Task to carry out: Using the records below, find every line that includes "index" and copy it.

Entries taken from a collection:
════════════════

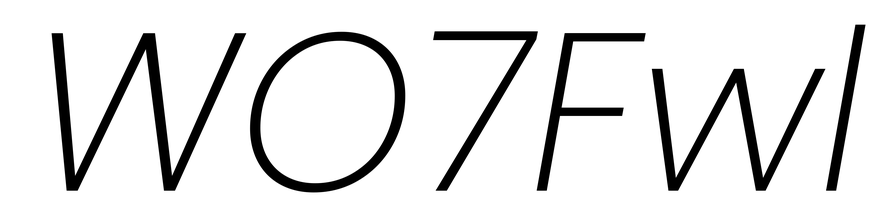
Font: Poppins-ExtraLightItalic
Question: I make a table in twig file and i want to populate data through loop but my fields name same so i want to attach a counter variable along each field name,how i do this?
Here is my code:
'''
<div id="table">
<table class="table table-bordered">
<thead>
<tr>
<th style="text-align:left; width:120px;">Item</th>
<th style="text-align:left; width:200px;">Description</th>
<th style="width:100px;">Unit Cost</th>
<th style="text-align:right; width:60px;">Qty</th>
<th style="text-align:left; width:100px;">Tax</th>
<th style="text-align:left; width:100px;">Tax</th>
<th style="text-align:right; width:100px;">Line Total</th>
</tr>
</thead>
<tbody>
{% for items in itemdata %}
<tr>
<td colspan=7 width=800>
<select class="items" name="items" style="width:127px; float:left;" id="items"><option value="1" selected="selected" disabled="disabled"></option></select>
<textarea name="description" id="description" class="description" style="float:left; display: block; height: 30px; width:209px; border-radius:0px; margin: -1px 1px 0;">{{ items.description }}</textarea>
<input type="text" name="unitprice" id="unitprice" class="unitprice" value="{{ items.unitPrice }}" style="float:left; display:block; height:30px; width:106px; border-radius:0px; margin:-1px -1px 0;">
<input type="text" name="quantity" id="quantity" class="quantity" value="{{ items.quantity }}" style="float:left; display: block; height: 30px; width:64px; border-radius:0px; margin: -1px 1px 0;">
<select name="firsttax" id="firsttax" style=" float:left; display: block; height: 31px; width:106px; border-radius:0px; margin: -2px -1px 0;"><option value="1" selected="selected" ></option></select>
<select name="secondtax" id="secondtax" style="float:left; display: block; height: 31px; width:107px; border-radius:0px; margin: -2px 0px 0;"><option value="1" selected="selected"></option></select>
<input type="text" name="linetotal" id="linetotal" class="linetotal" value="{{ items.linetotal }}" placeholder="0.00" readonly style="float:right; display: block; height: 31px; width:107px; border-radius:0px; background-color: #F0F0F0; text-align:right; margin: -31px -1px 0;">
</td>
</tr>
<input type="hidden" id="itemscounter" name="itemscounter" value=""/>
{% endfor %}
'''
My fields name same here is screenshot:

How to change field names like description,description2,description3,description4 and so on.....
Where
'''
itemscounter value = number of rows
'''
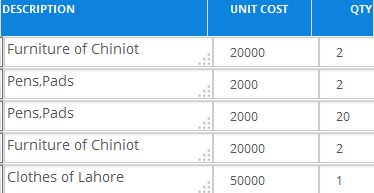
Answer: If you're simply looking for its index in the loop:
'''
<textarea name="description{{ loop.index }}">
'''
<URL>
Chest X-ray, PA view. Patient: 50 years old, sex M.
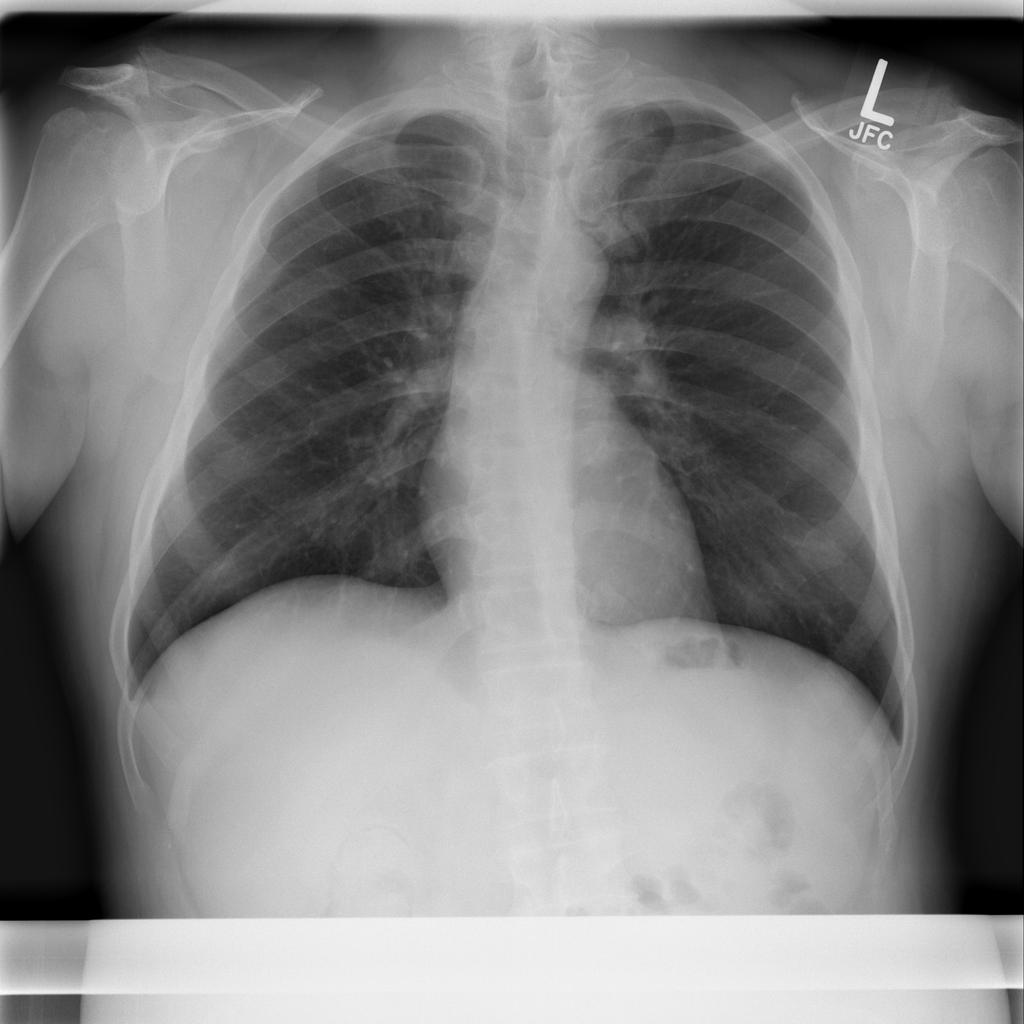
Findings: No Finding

════════════════

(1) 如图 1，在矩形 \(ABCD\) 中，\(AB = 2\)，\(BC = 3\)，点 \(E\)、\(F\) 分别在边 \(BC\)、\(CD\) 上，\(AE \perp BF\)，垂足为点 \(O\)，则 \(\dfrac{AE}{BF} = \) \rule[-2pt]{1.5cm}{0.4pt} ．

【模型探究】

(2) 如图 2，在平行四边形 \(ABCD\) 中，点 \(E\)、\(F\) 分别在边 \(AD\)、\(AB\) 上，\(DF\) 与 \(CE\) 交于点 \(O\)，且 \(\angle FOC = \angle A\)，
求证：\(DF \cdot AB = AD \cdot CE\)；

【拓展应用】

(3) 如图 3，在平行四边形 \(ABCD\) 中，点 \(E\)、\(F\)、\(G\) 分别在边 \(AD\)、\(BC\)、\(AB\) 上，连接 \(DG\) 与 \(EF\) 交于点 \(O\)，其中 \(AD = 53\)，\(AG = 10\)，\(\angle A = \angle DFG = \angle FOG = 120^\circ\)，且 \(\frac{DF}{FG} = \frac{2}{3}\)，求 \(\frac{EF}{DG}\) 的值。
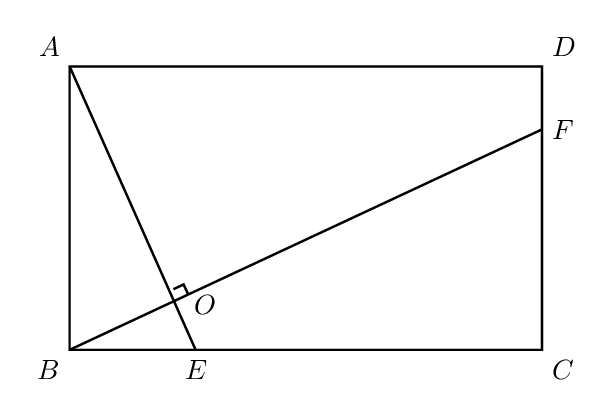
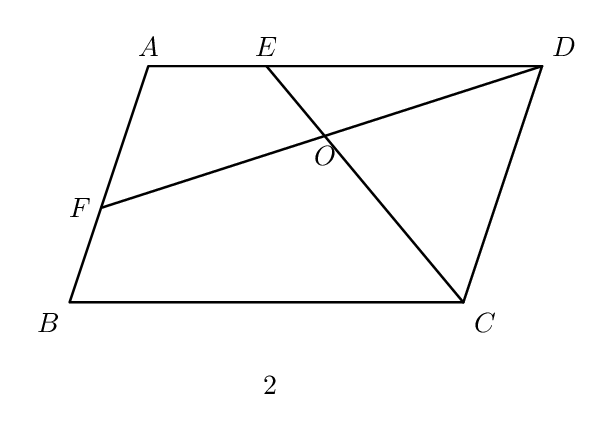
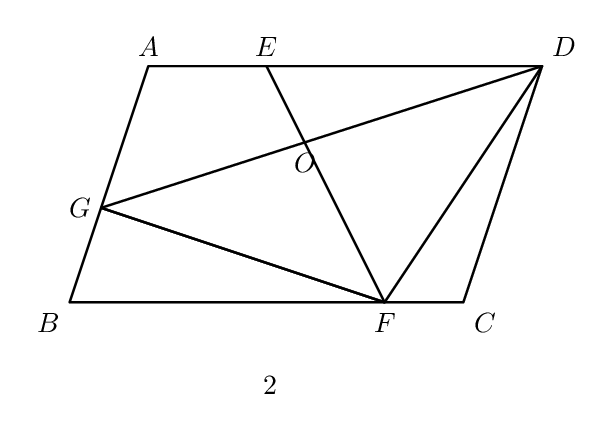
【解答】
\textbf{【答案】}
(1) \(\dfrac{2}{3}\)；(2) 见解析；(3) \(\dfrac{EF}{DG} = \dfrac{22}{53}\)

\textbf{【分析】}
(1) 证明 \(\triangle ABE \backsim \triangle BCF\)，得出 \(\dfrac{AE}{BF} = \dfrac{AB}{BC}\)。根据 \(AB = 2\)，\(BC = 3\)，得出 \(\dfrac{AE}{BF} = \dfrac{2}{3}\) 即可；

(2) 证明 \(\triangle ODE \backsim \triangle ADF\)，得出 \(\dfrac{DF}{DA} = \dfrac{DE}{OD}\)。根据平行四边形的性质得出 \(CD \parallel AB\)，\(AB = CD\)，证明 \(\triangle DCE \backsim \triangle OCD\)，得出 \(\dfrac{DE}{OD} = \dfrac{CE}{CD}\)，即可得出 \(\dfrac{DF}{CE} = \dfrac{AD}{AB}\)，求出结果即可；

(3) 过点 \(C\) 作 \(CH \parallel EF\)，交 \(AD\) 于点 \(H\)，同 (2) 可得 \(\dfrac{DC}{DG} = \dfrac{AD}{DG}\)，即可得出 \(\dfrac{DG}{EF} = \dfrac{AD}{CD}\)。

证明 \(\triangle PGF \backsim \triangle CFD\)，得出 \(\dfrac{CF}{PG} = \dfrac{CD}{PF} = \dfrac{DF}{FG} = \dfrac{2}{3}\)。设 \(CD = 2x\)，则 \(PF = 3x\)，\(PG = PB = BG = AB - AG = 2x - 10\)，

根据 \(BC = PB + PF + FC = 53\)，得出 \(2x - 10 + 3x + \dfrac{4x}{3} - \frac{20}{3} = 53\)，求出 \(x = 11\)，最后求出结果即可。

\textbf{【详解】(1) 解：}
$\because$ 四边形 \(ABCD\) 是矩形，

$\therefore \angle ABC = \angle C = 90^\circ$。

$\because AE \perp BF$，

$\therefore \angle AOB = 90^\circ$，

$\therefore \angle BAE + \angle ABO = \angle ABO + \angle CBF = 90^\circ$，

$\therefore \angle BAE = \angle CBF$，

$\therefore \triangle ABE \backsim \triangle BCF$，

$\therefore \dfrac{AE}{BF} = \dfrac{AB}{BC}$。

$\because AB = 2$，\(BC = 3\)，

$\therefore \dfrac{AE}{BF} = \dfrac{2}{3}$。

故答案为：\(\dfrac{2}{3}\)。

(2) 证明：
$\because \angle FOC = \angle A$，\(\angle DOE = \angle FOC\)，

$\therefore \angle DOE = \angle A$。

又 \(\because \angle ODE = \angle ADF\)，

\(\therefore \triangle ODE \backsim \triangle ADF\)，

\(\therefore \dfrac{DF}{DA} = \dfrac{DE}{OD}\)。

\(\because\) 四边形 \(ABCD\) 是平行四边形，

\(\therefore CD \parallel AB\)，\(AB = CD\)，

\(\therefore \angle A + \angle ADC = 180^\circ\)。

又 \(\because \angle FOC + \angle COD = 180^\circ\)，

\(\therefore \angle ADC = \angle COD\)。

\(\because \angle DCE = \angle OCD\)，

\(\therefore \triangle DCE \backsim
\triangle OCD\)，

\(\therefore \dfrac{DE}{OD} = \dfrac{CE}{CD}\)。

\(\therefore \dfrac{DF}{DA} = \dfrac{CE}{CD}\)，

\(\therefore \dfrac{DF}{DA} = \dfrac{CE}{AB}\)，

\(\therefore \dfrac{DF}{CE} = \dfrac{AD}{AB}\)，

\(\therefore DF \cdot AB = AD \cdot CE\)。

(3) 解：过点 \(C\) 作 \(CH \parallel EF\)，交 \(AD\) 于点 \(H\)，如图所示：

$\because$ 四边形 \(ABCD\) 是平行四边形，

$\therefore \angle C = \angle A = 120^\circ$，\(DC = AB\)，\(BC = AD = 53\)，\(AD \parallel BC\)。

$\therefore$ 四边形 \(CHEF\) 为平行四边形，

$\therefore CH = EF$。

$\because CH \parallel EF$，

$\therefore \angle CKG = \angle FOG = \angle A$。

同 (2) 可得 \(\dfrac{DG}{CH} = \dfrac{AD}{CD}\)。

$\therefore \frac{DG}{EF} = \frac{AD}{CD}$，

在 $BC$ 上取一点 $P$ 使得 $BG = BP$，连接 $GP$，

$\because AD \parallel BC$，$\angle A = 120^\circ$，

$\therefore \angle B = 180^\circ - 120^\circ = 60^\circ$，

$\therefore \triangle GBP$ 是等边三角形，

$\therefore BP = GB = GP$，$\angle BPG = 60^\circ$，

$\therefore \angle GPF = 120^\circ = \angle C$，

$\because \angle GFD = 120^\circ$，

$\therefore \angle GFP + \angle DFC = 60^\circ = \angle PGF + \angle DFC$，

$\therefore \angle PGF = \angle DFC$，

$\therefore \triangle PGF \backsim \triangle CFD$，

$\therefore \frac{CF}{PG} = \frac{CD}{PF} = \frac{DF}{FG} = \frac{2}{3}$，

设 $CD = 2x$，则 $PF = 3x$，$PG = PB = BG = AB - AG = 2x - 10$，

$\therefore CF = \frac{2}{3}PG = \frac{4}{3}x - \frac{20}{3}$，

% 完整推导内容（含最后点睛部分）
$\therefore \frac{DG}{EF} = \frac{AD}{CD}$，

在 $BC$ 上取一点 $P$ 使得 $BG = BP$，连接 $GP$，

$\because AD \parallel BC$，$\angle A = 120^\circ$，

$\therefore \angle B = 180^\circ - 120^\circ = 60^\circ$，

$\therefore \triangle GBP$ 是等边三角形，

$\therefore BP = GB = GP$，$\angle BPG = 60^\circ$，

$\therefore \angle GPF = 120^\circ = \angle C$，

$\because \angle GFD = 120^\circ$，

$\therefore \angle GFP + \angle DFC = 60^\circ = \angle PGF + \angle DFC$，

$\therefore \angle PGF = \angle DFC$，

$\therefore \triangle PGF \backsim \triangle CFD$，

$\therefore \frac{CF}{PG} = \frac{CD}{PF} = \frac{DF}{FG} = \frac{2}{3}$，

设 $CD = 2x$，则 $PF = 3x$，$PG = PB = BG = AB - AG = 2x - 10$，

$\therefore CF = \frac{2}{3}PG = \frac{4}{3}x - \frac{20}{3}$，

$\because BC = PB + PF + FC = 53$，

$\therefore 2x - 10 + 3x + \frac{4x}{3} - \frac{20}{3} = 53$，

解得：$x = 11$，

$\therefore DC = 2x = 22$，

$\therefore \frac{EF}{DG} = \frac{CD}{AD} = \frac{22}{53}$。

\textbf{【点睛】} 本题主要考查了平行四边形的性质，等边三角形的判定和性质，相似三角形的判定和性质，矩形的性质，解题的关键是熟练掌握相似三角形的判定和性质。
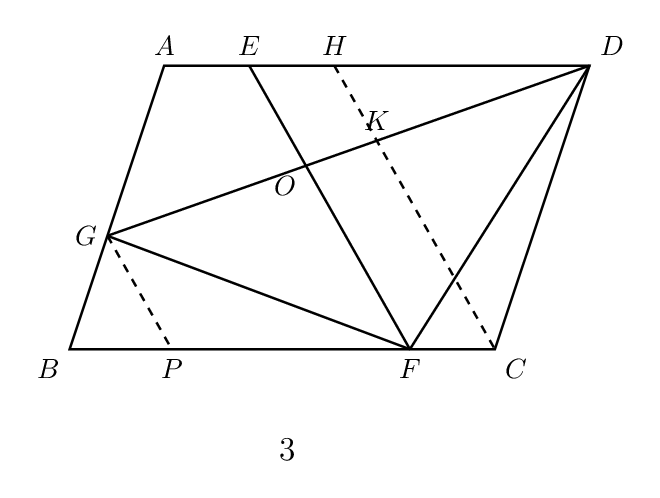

════════════════

Written reply:
Answer: If you're simply looking for its index in the loop:
<textarea name="description{{ loop.index }}">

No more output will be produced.